Slightly to the north of Dargah Qutb Sahib and just outside the inhabited precincts of Mehrauli, where the no- man’s land of ruins between Mehrauli and the bypass begin, two lovely baolis (stepped wells once used as summer retreats) exist. As one comes out of the main gate of Dargah Qutb Sahib, the first baoli encountered is Gandhak ki Baoli- gandhak because its waters are reputed to contain sulphur. However, the baoli remains a spectacular sight, like all the best baoli, creates in its enclosed space the impression of a promised land.

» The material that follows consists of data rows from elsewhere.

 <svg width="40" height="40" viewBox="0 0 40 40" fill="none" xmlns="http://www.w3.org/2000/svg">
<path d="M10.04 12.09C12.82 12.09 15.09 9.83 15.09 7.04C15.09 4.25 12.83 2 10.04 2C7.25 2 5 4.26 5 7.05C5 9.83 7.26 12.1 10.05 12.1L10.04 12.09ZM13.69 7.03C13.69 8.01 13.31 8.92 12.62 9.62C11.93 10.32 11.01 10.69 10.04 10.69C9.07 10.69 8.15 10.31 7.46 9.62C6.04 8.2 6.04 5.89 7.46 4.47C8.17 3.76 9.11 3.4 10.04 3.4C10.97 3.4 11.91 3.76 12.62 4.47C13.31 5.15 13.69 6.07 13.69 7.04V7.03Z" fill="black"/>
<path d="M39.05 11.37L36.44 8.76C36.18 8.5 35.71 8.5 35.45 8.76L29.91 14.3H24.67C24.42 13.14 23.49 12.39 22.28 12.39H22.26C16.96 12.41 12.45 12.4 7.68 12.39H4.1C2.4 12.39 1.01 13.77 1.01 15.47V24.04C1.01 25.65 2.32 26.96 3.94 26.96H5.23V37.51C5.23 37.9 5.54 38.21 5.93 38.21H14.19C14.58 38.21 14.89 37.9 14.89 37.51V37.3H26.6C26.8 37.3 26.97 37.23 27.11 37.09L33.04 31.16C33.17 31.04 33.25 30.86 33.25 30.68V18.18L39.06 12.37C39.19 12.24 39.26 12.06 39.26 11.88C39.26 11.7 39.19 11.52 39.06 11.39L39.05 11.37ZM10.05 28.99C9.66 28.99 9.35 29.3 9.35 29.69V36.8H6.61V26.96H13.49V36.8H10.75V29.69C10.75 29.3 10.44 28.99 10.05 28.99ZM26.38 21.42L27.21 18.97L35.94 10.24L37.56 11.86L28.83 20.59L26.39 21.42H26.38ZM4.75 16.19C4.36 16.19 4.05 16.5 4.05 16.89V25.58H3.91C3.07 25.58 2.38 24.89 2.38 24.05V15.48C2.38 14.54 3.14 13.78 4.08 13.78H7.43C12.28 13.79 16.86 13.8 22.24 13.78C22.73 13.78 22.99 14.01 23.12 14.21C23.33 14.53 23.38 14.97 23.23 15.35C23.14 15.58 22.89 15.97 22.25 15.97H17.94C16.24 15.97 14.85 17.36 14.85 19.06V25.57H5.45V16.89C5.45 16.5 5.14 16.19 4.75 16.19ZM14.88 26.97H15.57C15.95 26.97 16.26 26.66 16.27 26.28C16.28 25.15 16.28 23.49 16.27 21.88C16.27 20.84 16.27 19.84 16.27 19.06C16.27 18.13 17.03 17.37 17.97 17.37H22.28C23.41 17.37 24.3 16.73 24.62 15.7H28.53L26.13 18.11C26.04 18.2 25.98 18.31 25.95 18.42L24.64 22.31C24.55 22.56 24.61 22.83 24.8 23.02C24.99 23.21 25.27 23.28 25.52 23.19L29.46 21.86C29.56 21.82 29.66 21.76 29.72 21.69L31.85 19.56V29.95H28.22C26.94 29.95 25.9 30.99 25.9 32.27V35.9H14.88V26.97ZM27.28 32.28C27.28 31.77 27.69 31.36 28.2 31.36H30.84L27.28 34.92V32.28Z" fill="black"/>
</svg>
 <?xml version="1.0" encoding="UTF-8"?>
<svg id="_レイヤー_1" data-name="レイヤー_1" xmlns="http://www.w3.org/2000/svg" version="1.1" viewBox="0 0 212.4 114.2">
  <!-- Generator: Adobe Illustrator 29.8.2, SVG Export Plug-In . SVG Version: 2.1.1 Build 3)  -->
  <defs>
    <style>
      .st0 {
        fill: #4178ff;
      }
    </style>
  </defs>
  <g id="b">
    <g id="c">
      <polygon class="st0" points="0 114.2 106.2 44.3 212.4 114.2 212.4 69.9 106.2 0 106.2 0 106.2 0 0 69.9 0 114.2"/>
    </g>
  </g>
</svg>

Gandhak ki Baoli was probably built during the reign of Iltumish AD 1211 -36 and is amongst the earliest surviving constructions in Delhi of the Sultanate period. The baoli has five tiers, and circular well at its southern end. Guide books refer to local villagers diving into the well to amuse visitors, but the baoli currently seems to be seldom frequented and the divers have practically disappeared.
Some 100 meters south of Gandhak ki Baoli, a more elaborate and spacious baoli called Rajon ki Bain exists. It was built in AD 1516 by Daulat Khan, a noble in Sikander lodhi’s regin; the area around the spring was once reputed to have been occupied by stone –masons (raj) – hence the name of the baoli.